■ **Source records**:
--------------------------------------------------
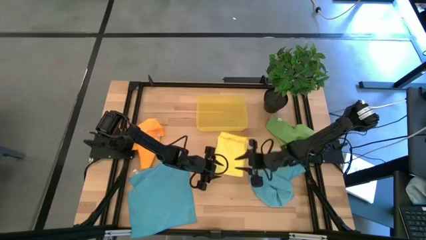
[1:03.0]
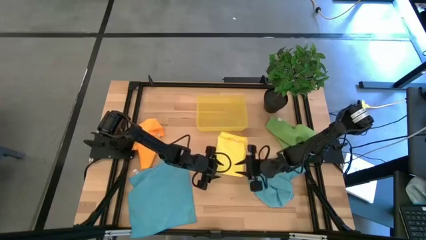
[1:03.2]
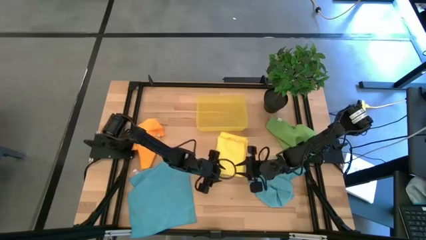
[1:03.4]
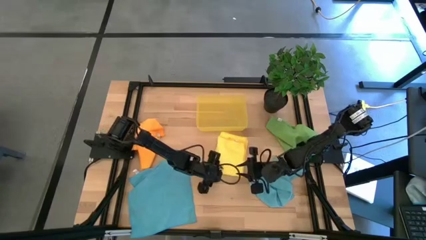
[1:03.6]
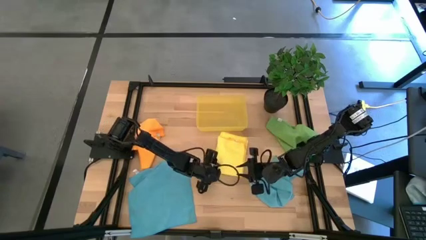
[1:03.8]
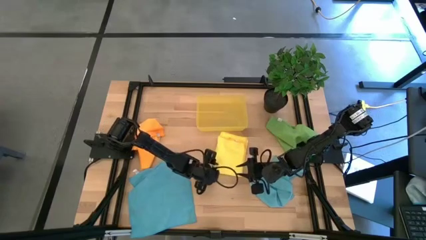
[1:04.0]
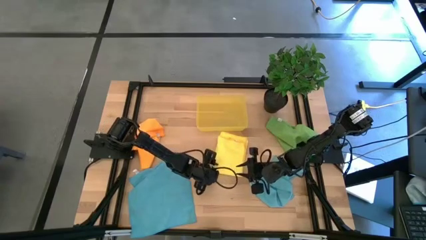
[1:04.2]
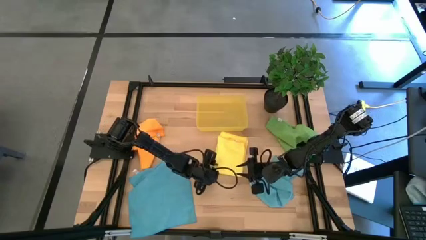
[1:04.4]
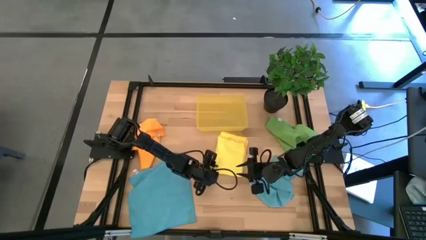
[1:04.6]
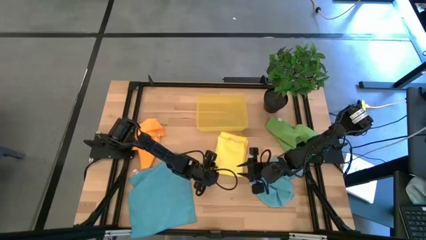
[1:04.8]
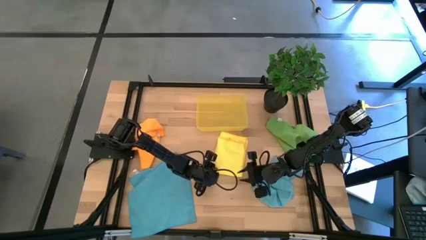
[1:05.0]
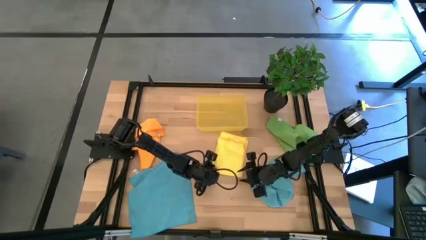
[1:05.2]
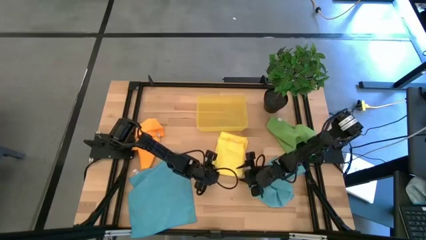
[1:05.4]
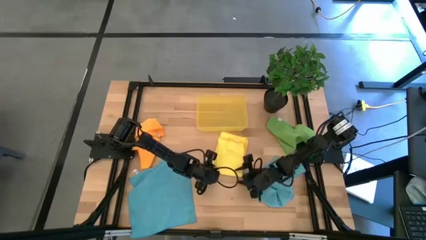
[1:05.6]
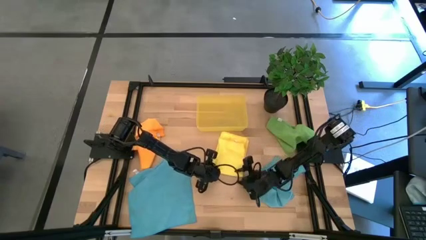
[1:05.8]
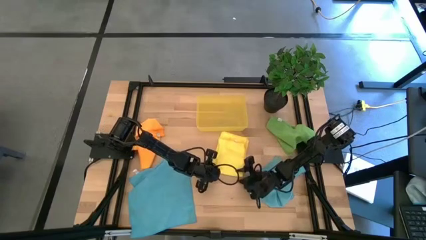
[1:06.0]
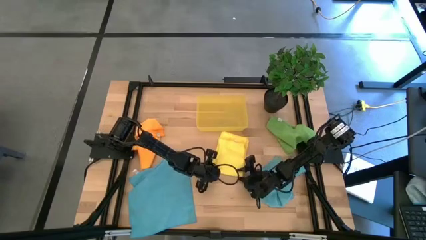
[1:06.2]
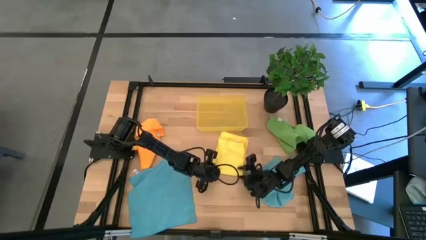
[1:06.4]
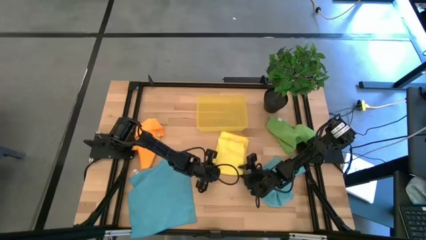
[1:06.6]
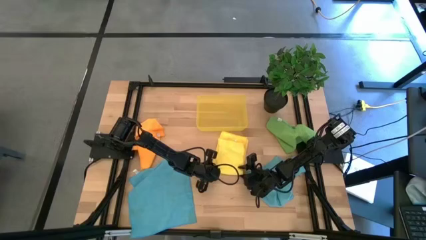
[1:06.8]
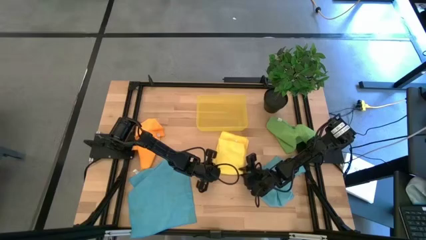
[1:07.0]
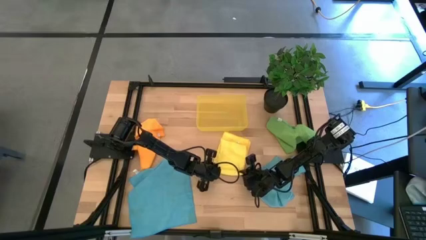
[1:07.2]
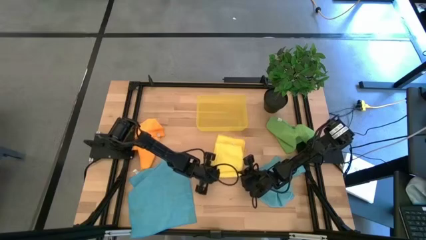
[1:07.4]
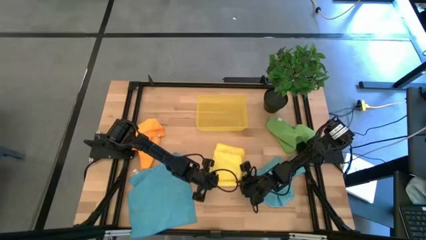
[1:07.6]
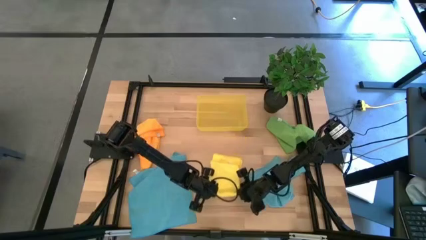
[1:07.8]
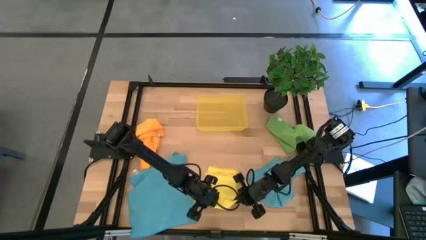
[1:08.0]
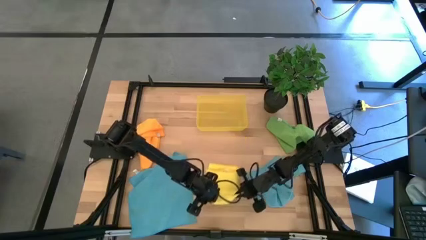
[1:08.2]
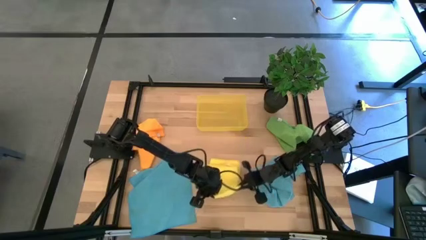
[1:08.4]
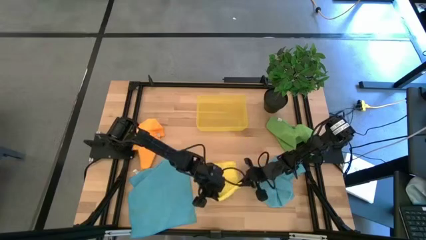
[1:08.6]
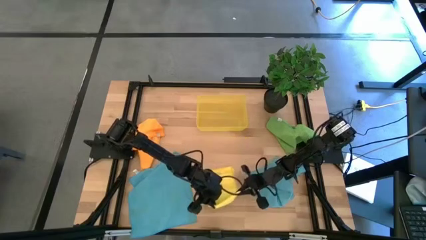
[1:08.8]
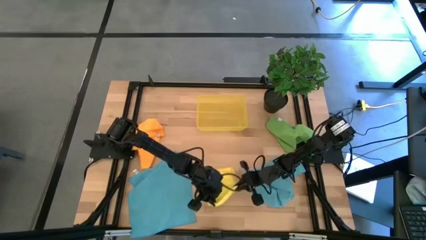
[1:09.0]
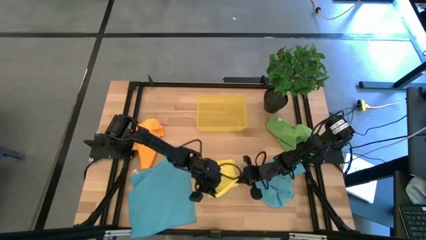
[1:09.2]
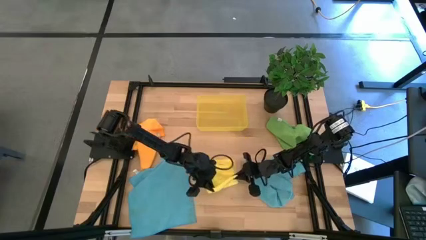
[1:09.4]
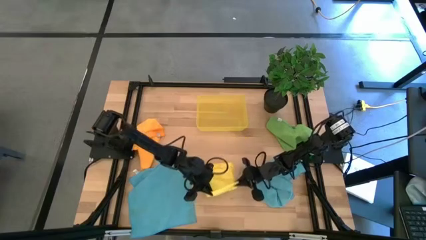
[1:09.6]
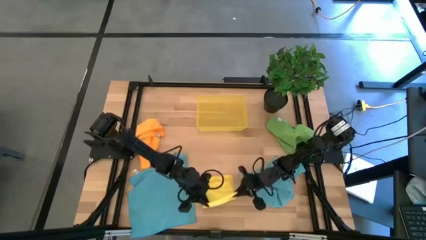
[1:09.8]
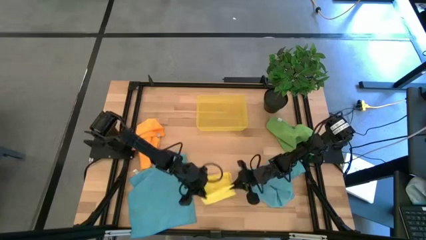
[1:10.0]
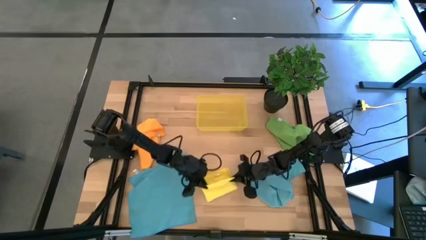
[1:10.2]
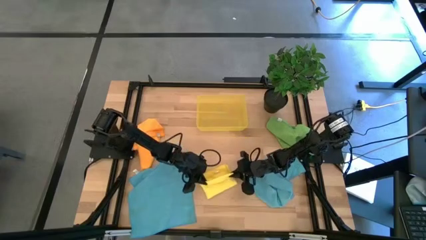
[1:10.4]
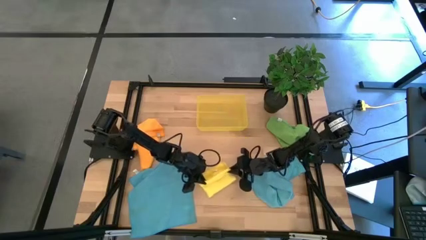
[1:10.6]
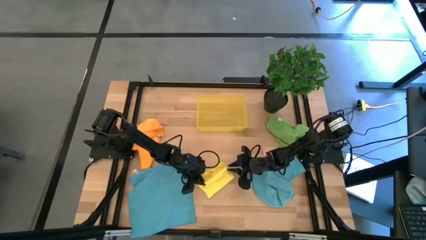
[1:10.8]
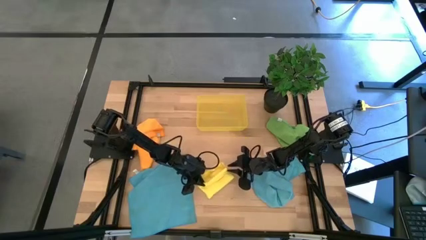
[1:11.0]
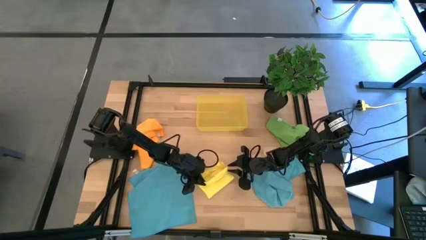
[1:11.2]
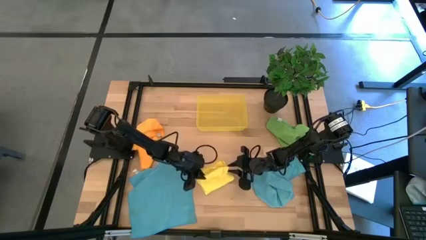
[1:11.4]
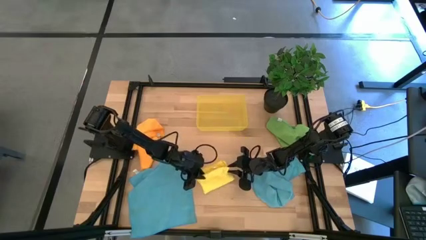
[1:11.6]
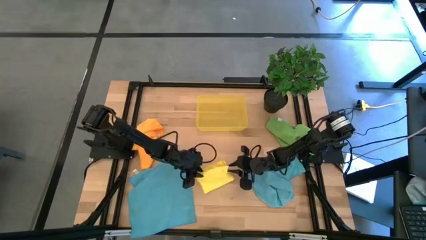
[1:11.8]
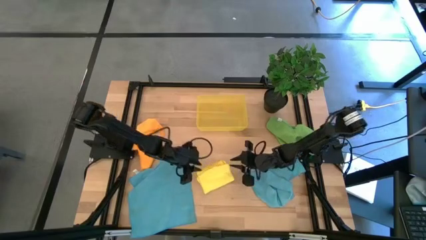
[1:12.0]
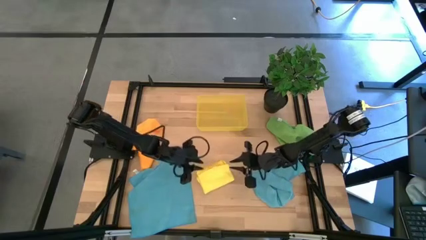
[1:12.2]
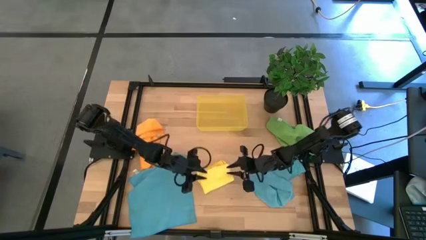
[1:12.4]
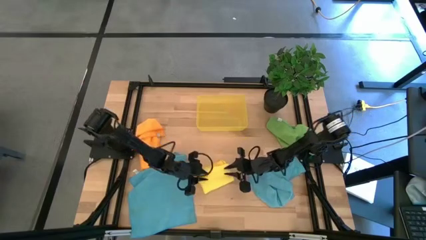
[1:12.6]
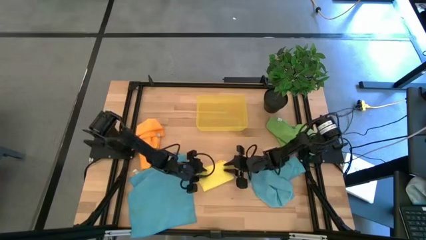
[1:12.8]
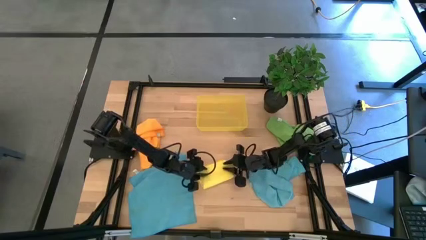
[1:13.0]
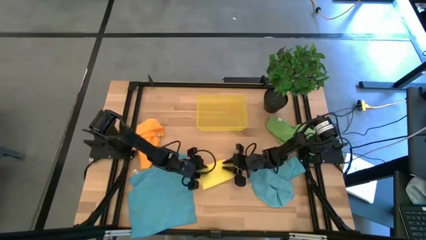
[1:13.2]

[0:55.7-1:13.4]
--------------------------------------------------
■ **Work instruction**: Give the entries above again exactly, minus their pictures.

■ **Your solution**:
[1:03.0]
[1:03.2]
[1:03.4]
[1:03.6]
[1:03.8]
[1:04.0]
[1:04.2]
[1:04.4]
[1:04.6]
[1:04.8]
[1:05.0]
[1:05.2]
[1:05.4]
[1:05.6]
[1:05.8]
[1:06.0]
[1:06.2]
[1:06.4]
[1:06.6]
[1:06.8]
[1:07.0]
[1:07.2]
[1:07.4]
[1:07.6]
[1:07.8]
[1:08.0]
[1:08.2]
[1:08.4]
[1:08.6]
[1:08.8]
[1:09.0]
[1:09.2]
[1:09.4]
[1:09.6]
[1:09.8]
[1:10.0]
[1:10.2]
[1:10.4]
[1:10.6]
[1:10.8]
[1:11.0]
[1:11.2]
[1:11.4]
[1:11.6]
[1:11.8]
[1:12.0]
[1:12.2]
[1:12.4]
[1:12.6]
[1:12.8]
[1:13.0]
[1:13.2]

[0:55.7-1:13.4]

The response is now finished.